GEELONG coach Mark Thompson says All Australian full back Matthew Scarlett has set a benchmark for defenders that few will have the ability to reach.
The 30-year-old Cat, who celebrates his 200th game on Saturday night, has been the key to a defence widely recognised as the best in the business.
Thompson was effusive in his praise of the rebounding full back.
“I’ve never really seen a defender play the way he has, and he’s probably made it a little bit harder for the modern defender of the future trying to play like him.”
Scarlett averages 16 possessions a game this year, including 32 a fortnight ago against the Bulldogs.

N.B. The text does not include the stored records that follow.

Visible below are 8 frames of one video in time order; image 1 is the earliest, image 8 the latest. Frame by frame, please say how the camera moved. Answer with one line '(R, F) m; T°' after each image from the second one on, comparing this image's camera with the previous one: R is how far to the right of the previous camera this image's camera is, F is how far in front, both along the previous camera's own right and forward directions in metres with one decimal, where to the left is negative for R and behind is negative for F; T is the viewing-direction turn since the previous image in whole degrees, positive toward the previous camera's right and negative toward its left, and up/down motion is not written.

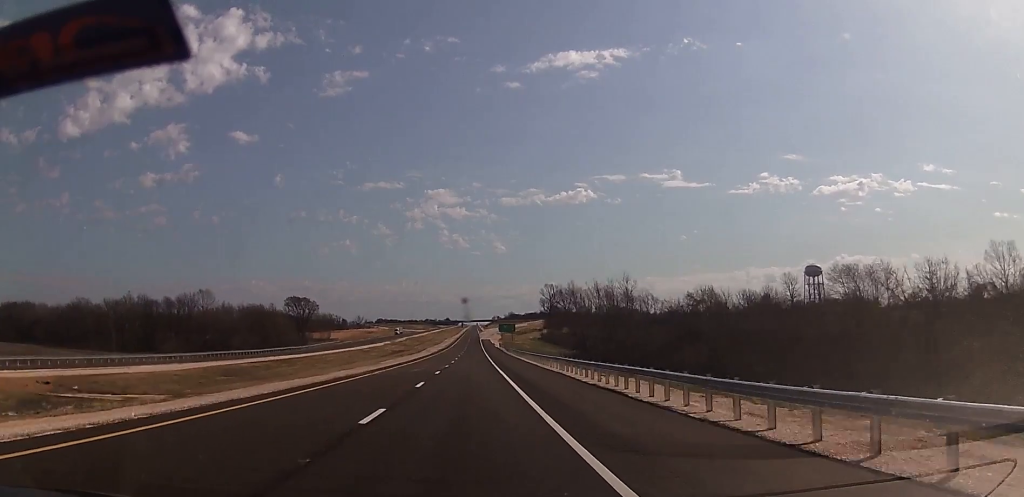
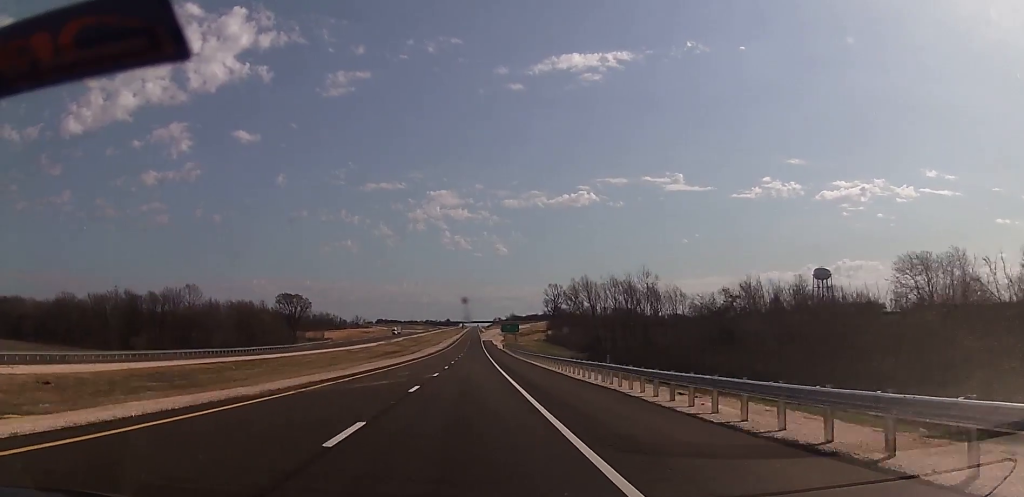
(-0.3, +15.6) m; 0°
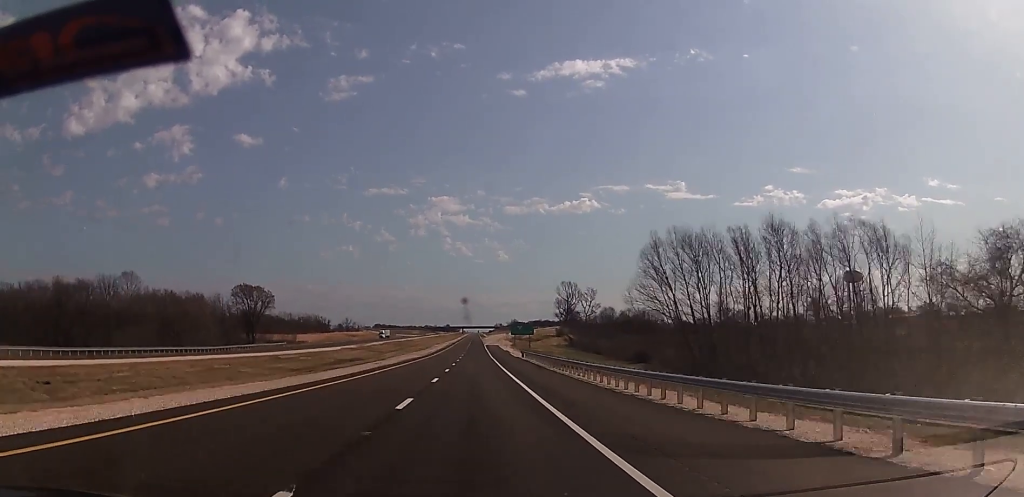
(+0.3, +54.9) m; +1°
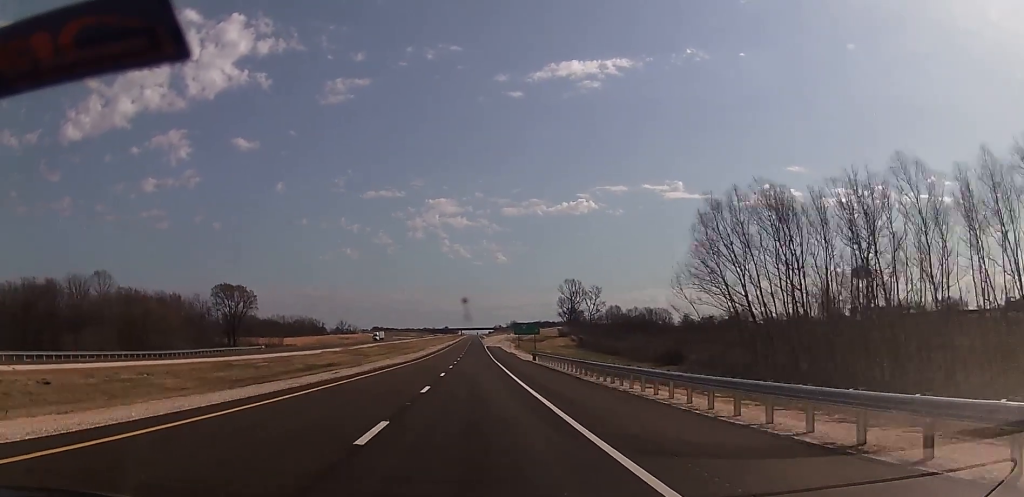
(0.0, +17.9) m; 0°
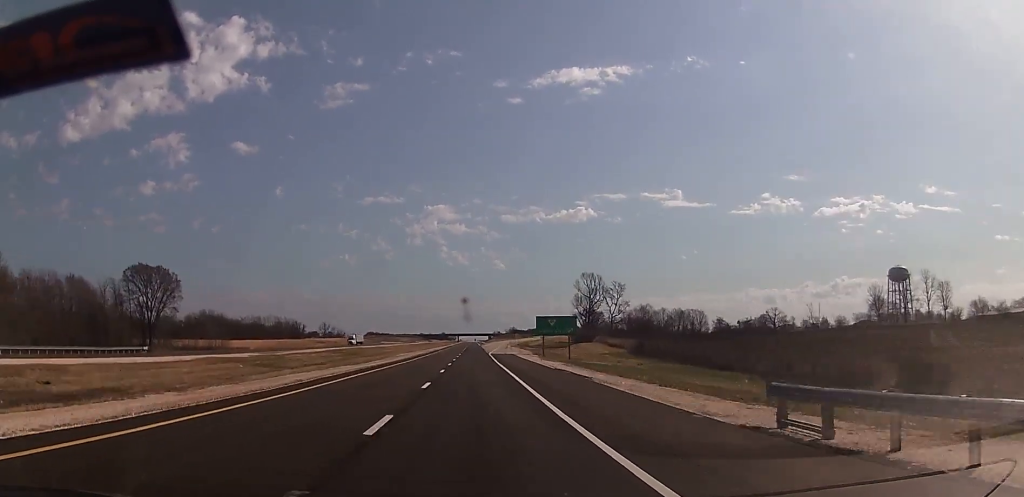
(-0.7, +58.5) m; 0°
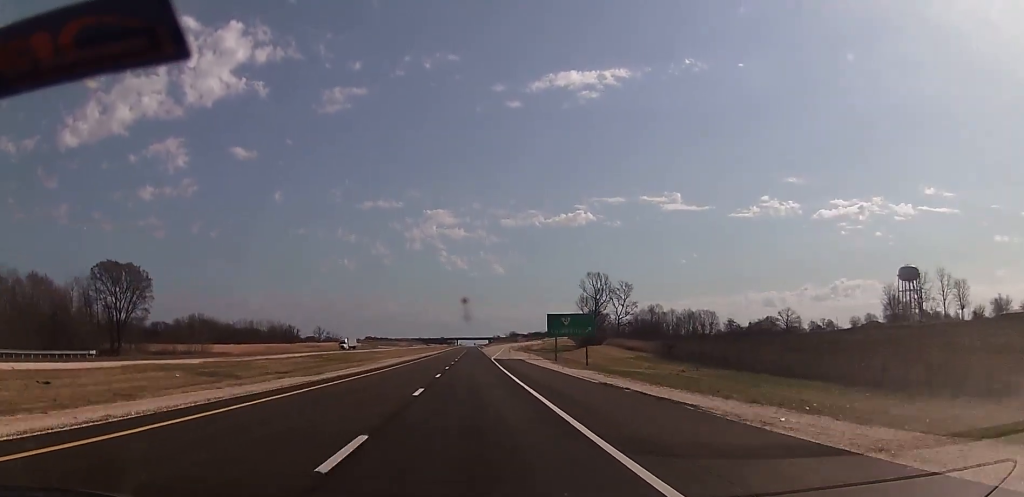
(+0.2, +15.5) m; 0°
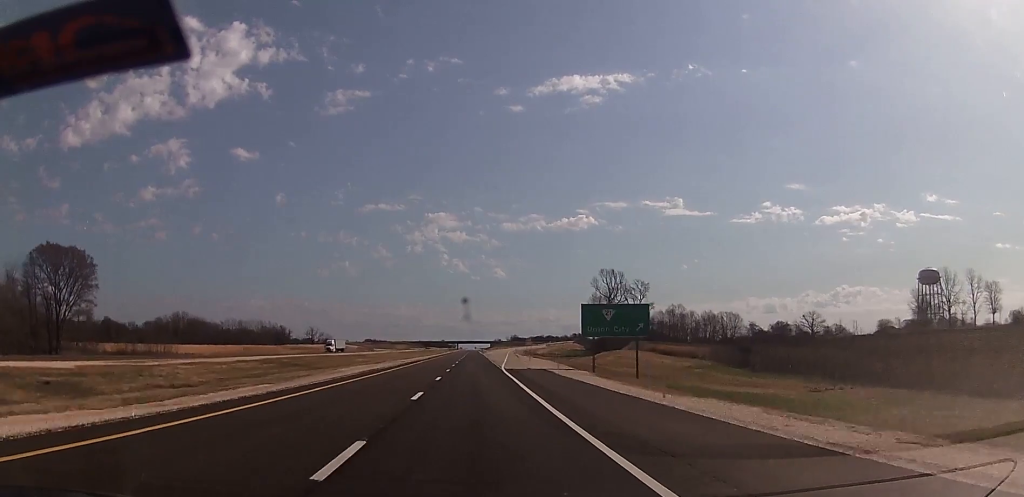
(+0.1, +25.0) m; 0°
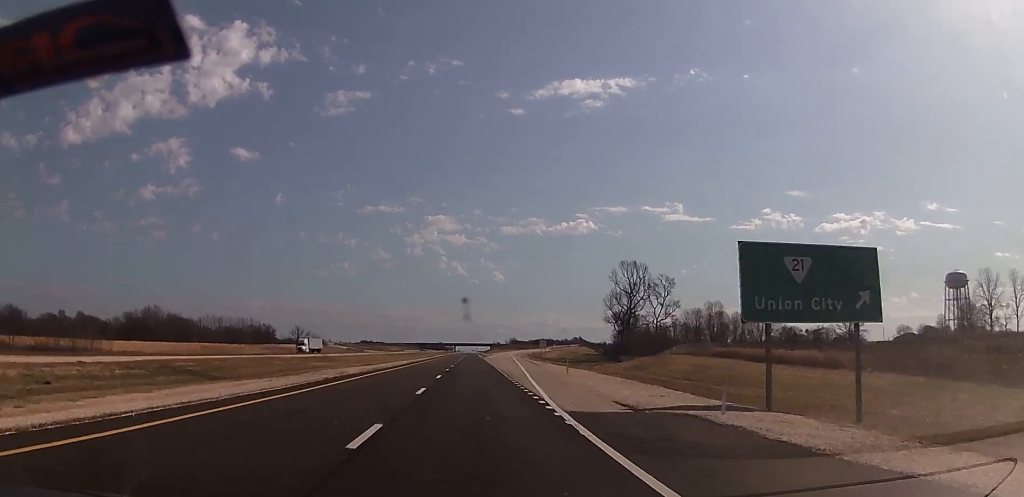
(-0.2, +34.3) m; 0°

Thompson said Scarlett’s attacking style went beyond what he thought capable for a player whose job it is to stop the opposition’s best forward.
“He’s certainly taken it as far as we could possibly have ever imagined it could have been taken,” he said.
“I would never have thought he would ever have got up to 30 possessions in a game of footy like he has at times.”
The three-time All Australian, who made his debut against Essendon – the team he supported as kid – in round 22, 1998, has missed only nine games in the past nine seasons. He has been the heartbeat of a backline that led the league last year and is doing likewise in 2008.
Thompson said marriage, and the birth of Scarlett’s second child, had matured the player some have compared to full back of the 20th century Stephen Silvagni.
Scarlett will become the 23rd Geelong player to reach 200 games.